Nunca nos ocultó Fermín su condición de separado en una época donde esta situación civil se consideraba poco menos que un tabú en las relaciones sociales. De muy educadas maneras y con una constante expresión risueña que delataba la pulcritud de su espíritu, Fermín era un ingeniero de telecomunicaciones que no llegaría aún a la treintena y que trabajaba en el turno de noche en la sede de la Compañía Telefónica de la calle Alcántara. Poseía una virtuosa habilidad para reparar todo tipo de artilugios eléctricos y, así, los clientes, de confianza o no, le otorgaban en prenda viejos transistores, magnetófonos, giradiscos de maletín, etc… Que pacientemente Fermín arreglaba y dejaba como nuevos. Jamás cobraba estipendio alguno, si acaso aceptaba algún cuba-libre como invitación, ya que disfrutaba de una buena posición económica merced a su trabajo como ingeniero. Algunos abusaban de su siempre amable disponibilidad y hasta le llegaron a endosar un monstruoso aparato televisor que el bueno de Fermín fue reparando en el bar durante las noches, en las horas previas a su incorporación al trabajo. Ocurría que, quizá para soliviantar la soledad de un breve y fugaz matrimonio fracasado, Fermín acudía al bar unas tres horas antes de fichar y aprovechaba para cenar en el mismo. Era un ser reservado y hasta tímido, no inmiscuyéndose jamás en conversaciones ajenas si no era requerido a ello. Además, tenía una vena creativa de inventor y estaba estudiando de qué forma diseñar un silenciador para amortiguar en lo posible el molesto ruido del molinillo de café cuando trituraba el grano. Fermín era tan tremendamente cariñoso que no faltaron voces que pusieran en duda su orientación sexual, como por desgracia siempre solía suceder en estas situaciones.

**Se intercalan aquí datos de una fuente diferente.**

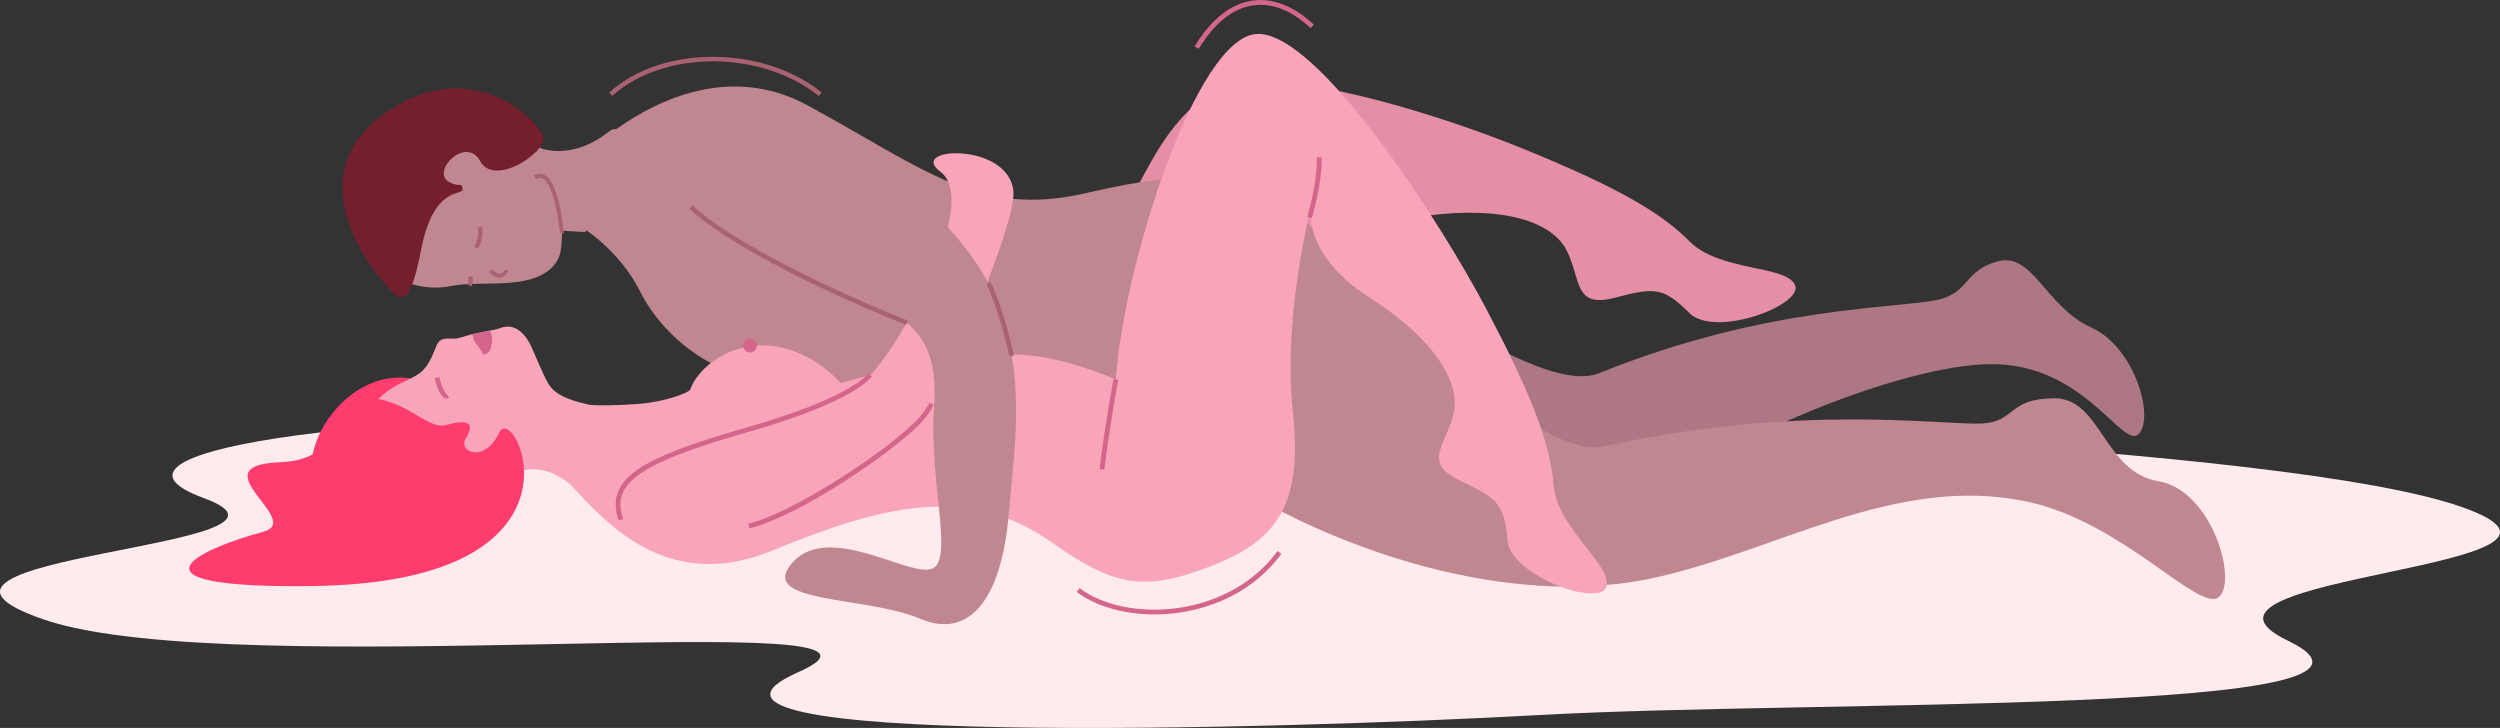 <svg xmlns="http://www.w3.org/2000/svg" id="&#x421;&#x43B;&#x43E;&#x439;_1" data-name="&#x421;&#x43B;&#x43E;&#x439; 1" viewBox="0 0 1317.51 383.64"><rect x="0" y="0" width="1317.51" height="383.64" fill="#333333" stroke="none"/><defs><style>
      .cls-1 {
        fill: #ffebee;
      }

      .cls-2 {
        fill: #e58fa7;
      }

      .cls-3 {
        fill: #ad7783;
      }

      .cls-4 {
        fill: #c08791;
      }

      .cls-5 {
        fill: #ff3c6e;
      }

      .cls-6 {
        fill: #f8a4b9;
      }

      .cls-10, .cls-7 {
        fill: none;
      }

      .cls-8 {
        fill: #a86271;
      }

      .cls-9 {
        fill: #731f2d;
      }

      .cls-10 {
        stroke: #9874af;
        stroke-miterlimit: 10;
        stroke-width: 2.45px;
      }

      .cls-11 {
        fill: #d3668a;
      }
    </style></defs><title>Positions_2</title><g><path class="cls-1" d="M666.23,565.3c-173.07-2-325.94,18.09-258.14,42.93,71.54,26.21-183.53,30.15-83.95,64.12S804,663.49,721.45,700c-89,39.39,247.78,30.5,391.86,22.53s475.27.26,393.16-39.12c-72.07-34.58,183-38.11,91.87-70.37s-453.13-46.27-689.11-53.56S666.23,565.3,666.23,565.3Z" transform="translate(-300.75 -345.77)"></path><path class="cls-2" d="M1053.72,528c-4.06-49.34-54.19-84.22-54.19-84.22s12.89,20.92,53.35,15.64,66.23,3.31,73.71,18.71,3.65,30.21,25.2,24.53,25.73-5.31,39.28,8.09,60.59-4.34,55.62-14.88-39.81-6.88-55.65-23-41.16-29.73-87.08-48.51-139.67-48.67-166-29.45c-23.64,17.23-31.72,39.79-40.73,54.19s42.35,29.54,42.35,29.54" transform="translate(-300.75 -345.77)"></path><path class="cls-3" d="M898.41,558.78c1.07-.19,102.52,54.07,173.94,54.54s105.16-4.48,125.16-21.09,111.37-57,157.39-54.43,65,45.27,73.1,36.55-2-45.45-25.16-56c-24.11-10.91-30.74-39.92-49.32-34.83-17.66,4.83-14.73,15.95-30.58,20-19.43,4.95-90.13,2.67-179.41,38.91-37.18,15.09-150.5-81.29-173.41-86.26s-42-4.69-93,11.26" transform="translate(-300.75 -345.77)"></path><path class="cls-4" d="M606.27,464.74s20.66,12.31,31.78,34.56,43.9,58.32,111,48.39,127.72,6.43,128.92,6.43c7.33,0,24.47,17.1,30.39,21,24.51,16.36,49.88,31.81,76.49,44.54,54.68,26.16,124.35,43.54,184.76,31.22,66.2-13.5,130.41-56.33,201-40.39,49.26,11.12,89,58,99.32,50.05s-3.18-56.41-31.78-61.18-30.16-43.87-54.83-43.7-20.2,12.39-38.11,13.3c-20.23,1-96.41-10.77-199.46,12.13C1102.87,590.67,996,459.8,972.19,450.27s-38.13-17-98.52-2.86c-57,13.33-84.57-12-147.3-46.09-62-33.66-120.1,28.85-120.1,28.85Z" transform="translate(-300.75 -345.77)"></path><path class="cls-5" d="M517.05,545.21c-40.87-6.38-71.71,56.59-37.6,67.86S517.05,545.21,517.05,545.21Z" transform="translate(-300.75 -345.77)"></path><path class="cls-6" d="M580.83,528.59c1.89,4.19,3.78,9,6.31,14.29,3.7,7.69,5,13.08,31.82,17.68,0,0-8.77,47.39-17.46,40.57-15.08-11.8-24.66-8.48-37.81-3.8-9.23,3.26-6.11,14.39-25.68,12.17s-45.8-43.66-45.8-43.66C506.63,543.61,519.82,549,526.63,537c5.64-9.9,3-13.4,12.76-12.76,2.83.18,6.3-1.38,10.32-2.39,3.06-.77,12-2.14,14.7-3.18C572.35,515.57,578,522.29,580.83,528.59Z" transform="translate(-300.75 -345.77)"></path><path class="cls-6" d="M596.28,595.26c22.68,25.63,55.3,63.73,111.64,40.6S810.5,600.1,854.8,631.48c33.48,23.72,49.47,26.15,84.46,12.51s48.13-32.51,42.79-81.73,9.36-106.1,9.36-106.1-3.56,24.32,30.84,46.26,48.63,45.08,44.48,61.68-16.6,25.5,3.56,35,23.13,12.46,24.91,31.44,49.22,35.58,52.19,24.31-26.1-30.84-27.87-53.37-12.46-49.23-35.59-93.12-87.77-145.3-120.39-144.71-71.17,124.55-74.73,182.08c0,0-20.51-9.05-40.08-12s-51.05-1.79-104.9,14c0,0-14.14-17-36.16-19.66-21.46-2.6-39.08,11.22-43.16,23-.54,1.56-13,6.4-26.6,7.5-24.41,2-38.52-.37-38.52-.37Z" transform="translate(-300.75 -345.77)"></path><path class="cls-5" d="M546.17,576.89c-4.26,6.71,9.78,13.64,17.79-3.26s55,79.25-99.15,81c-101.34,1.17-61.33-18.87-25.37-28.59,21.95-5.93-34.69-34.87,8.61-36.65,38.66-1.58,21.92-33.29,44.15-33.88s33.5,17.2,43.88,14.23S551.8,568,546.17,576.89Z" transform="translate(-300.75 -345.77)"></path><path class="cls-4" d="M583.49,423s16.73,8.9,38.18-7.88c10.49-8.21,7.64,23.51-12.49,52.91l-25.69-1.33Z" transform="translate(-300.75 -345.77)"></path><path class="cls-4" d="M597.43,464.5c-1.39,9.25.68,15.73-5.79,22.17-12.25,12.2-36.59,6.61-53.47,9.89A42.48,42.48,0,0,1,488.26,448c3.9-25.86,31.51-43.14,61.68-38.58S601.35,438.64,597.43,464.5Z" transform="translate(-300.75 -345.77)"></path><path class="cls-7" d="M548.24,500.42h-1.63" transform="translate(-300.75 -345.77)"></path><path class="cls-8" d="M597.89,468.59c0-.9-2.43-26.08-9.7-30.34a5.94,5.94,0,0,0-6,0l1,1.92a3.92,3.92,0,0,1,3.94-.09c5.2,3,8.37,22.77,8.64,28.59Z" transform="translate(-300.75 -345.77)"></path><path class="cls-8" d="M564,492c-2.54,0-5.26-2.6-5.61-2.94l1.38-1.4c1,1,3.42,2.79,4.69,2.31a5.13,5.13,0,0,0,2.64-2.29l1.78.82a7.08,7.08,0,0,1-3.72,3.3A3.26,3.26,0,0,1,564,492Z" transform="translate(-300.75 -345.77)"></path><path class="cls-9" d="M537.51,441.72c-10-5.41,8.76-24.77,16.31-11s35.06-4.82,33.24-12.73-36.21-43.4-80.82-14.36-18.23,72-6.6,86.75,16.33,21.44,23.05-13.08,22.21-27.91,21.8-31.91S543.17,444.78,537.51,441.72Z" transform="translate(-300.75 -345.77)"></path><path class="cls-8" d="M552.48,476.87l-1.86-1.29c2.88-4.13,2-9.84,2-9.9l2.22-.37C554.86,465.58,555.87,472,552.48,476.87Z" transform="translate(-300.75 -345.77)"></path><path class="cls-8" d="M549.33,496.69l-2.11-.82a8,8,0,0,0,.35-4l2.2-.49A10.17,10.17,0,0,1,549.33,496.69Z" transform="translate(-300.75 -345.77)"></path><path class="cls-6" d="M648.71,587.64c-25.22,7.35-31.57,35.25-6.87,42.23,41.62,11.76,136.65-43.73,152.07-74s42.48-94.77,40.9-109.56c-2.78-25.83-56-23.19-38.59-10.16,23.31,17.41-28,104.74-43.13,113.05S670.06,581.41,648.71,587.64Z" transform="translate(-300.75 -345.77)"></path><path class="cls-4" d="M661.09,428.85c-9.79,21.24,13.24,45.55,65.69,63S795.64,520,793,560.21s10.59,80.52-1.06,85.29-54.56-24.9-73.63-3.18,39.22,17.49,67.27,29.51c26,11.13,42.66-10.45,46.62-53.35,4-44,9.63-78.64-9-120.24C802.38,451.81,692.34,361.05,661.09,428.85Z" transform="translate(-300.75 -345.77)"></path><path class="cls-10" d="M715.9,407.31" transform="translate(-300.75 -345.77)"></path><path class="cls-8" d="M778.25,517c-.82-.32-82.91-32.66-114.13-61.13l1.64-1.81c30.9,28.17,112.56,60.34,113.38,60.66Z" transform="translate(-300.75 -345.77)"></path><path class="cls-8" d="M832.76,533.63c-5.59-25.19-12.07-38-12.14-38.13l2.18-1.12c.27.53,6.68,13.18,12.35,38.72Z" transform="translate(-300.75 -345.77)"></path><circle class="cls-11" cx="395.24" cy="182.1" r="3.65"></circle><path class="cls-11" d="M695.73,624.2l-.6-2.46c24.28-5.89,73.21-38.46,89-54.76a43.4,43.4,0,0,0,6.5-9l2.24,1.15a45.35,45.35,0,0,1-6.92,9.6C769.94,585.26,721.18,618,695.73,624.2Z" transform="translate(-300.75 -345.77)"></path><path class="cls-11" d="M626.78,620.09c-2.22-6.42-2.07-11.92.47-16.81,5.88-11.31,23.63-19.81,67.83-32.48,54.87-15.73,63-27.95,63-28.07l2.15,1.33c-.33.53-8.68,13.17-64.48,29.16-36.32,10.42-60.08,19.27-66.29,31.23-2.23,4.29-2.33,9-.32,14.81Z" transform="translate(-300.75 -345.77)"></path><path class="cls-11" d="M536.08,555.78a2.61,2.61,0,0,1-.9-.17c-2.86-1.13-4.88-8.36-5.43-10.55l2.45-.61c1.1,4.36,3,8.56,3.91,8.81l1.31,2.11A2.47,2.47,0,0,1,536.08,555.78Z" transform="translate(-300.75 -345.77)"></path><path class="cls-11" d="M558.64,520c2.16,2.39,1.66,6.79.55,9.85-.81,2.24-3.61,3-3.61,3-2.78-5.47-4.32-5.31-5.43-8.91a12.76,12.76,0,0,1-.44-2.12C552.76,521.38,555.58,520.66,558.64,520Z" transform="translate(-300.75 -345.77)"></path><path class="cls-11" d="M882.71,593.26l-2.51-.3c2.5-20.84,7.32-47.21,7.37-47.47l2.48.46C890,546.21,885.2,572.5,882.71,593.26Z" transform="translate(-300.75 -345.77)"></path><path class="cls-11" d="M992.1,460.76l-2.42-.73c.06-.19,5.54-18.47,5-31.29l2.53-.11C997.76,441.88,992.33,460,992.1,460.76Z" transform="translate(-300.75 -345.77)"></path><path class="cls-11" d="M909.07,669.57c-15.9,0-30.85-4.23-40.89-11.89l1.53-2c12.22,9.32,32.13,13.33,52,10.47,21.88-3.17,40.46-13.82,52.32-30l2,1.5c-12.25,16.73-31.43,27.74-54,31A91.75,91.75,0,0,1,909.07,669.57Z" transform="translate(-300.75 -345.77)"></path><path class="cls-11" d="M932.48,371.49l-2.16-1.32c8.87-14.46,19.22-22.58,30.77-24.13,10.61-1.43,21.7,3,32.06,12.7l-1.73,1.84c-9.78-9.2-20.15-13.36-30-12C950.67,350,940.93,357.71,932.48,371.49Z" transform="translate(-300.75 -345.77)"></path><path class="cls-8" d="M732.27,396.39C702,372,650.11,372,623.41,396.35l-1.64-1.81c27.51-25.09,80.91-25.11,112-.05Z" transform="translate(-300.75 -345.77)"></path></g></svg>

 Alrededor de las doce de la noche habituábamos a bajar a media altura el cierre del bar para evitar visitas indeseadas a esas horas. Pero eso no significaba que el bar se quedase vacío, ni mucho menos. Algunos trabajadores nocturnos de la EMT, otros de Telefónica, como Fermín, y algún que otro solitario permanecían en el bar hasta que acabábamos de recoger todo y preparar las cosas para el día siguiente, tarea que nos llevaba más de una hora, como poco. Los clientes de mayor confianza entraban incluso a tomar el último café o cubata agachándose para sortear el semibajado cierre metálico. Dentro de lo que cabe, existía cierta armonía entre la dependencia y los clientes más veteranos. Y esa noche, un viernes de febrero, habíamos resuelto pronto los quehaceres e invitamos a los tres clientes que aún permanecían en el local, dos mecánicos de la EMT y Fermín, a la «penúltima», al tiempo que la misma dependencia se autoservía un merecido trago, finalizada la dura faena. Con motivo de la emisión reciente de un programa de televisión del UHF y dado que el tema se estaba poniendo de moda en aquellos tiempos, los mecánicos y yo sostuvimos un interesante debate acerca de la posibilidad de vida extraterrestre. Los mecánicos comenzaron a narrarnos historias que había sucedido en sus respectivos pueblos de origen, algunas de ellas contadas en primera persona, y que a veces no tenían nada de «extraterrestre» sino más bien de fenómenos paranormales o apariciones marianas. Fermín nos observaba con esa expresión de niño bueno, amplificada por una perenne sonrisa silenciosa que decoraba con continuos alzamientos de cejas. Uno de los mecánicos afirmó que eso de las naves extraterrestres era puro cuento chino y todos los misterios que nos había relatado los achacaba a meros fenómenos de connotaciones claramente místicas. Entonces, y por sorpresa, Fermín, que había permanecido atento pero callado, como de costumbre, nos interrumpió.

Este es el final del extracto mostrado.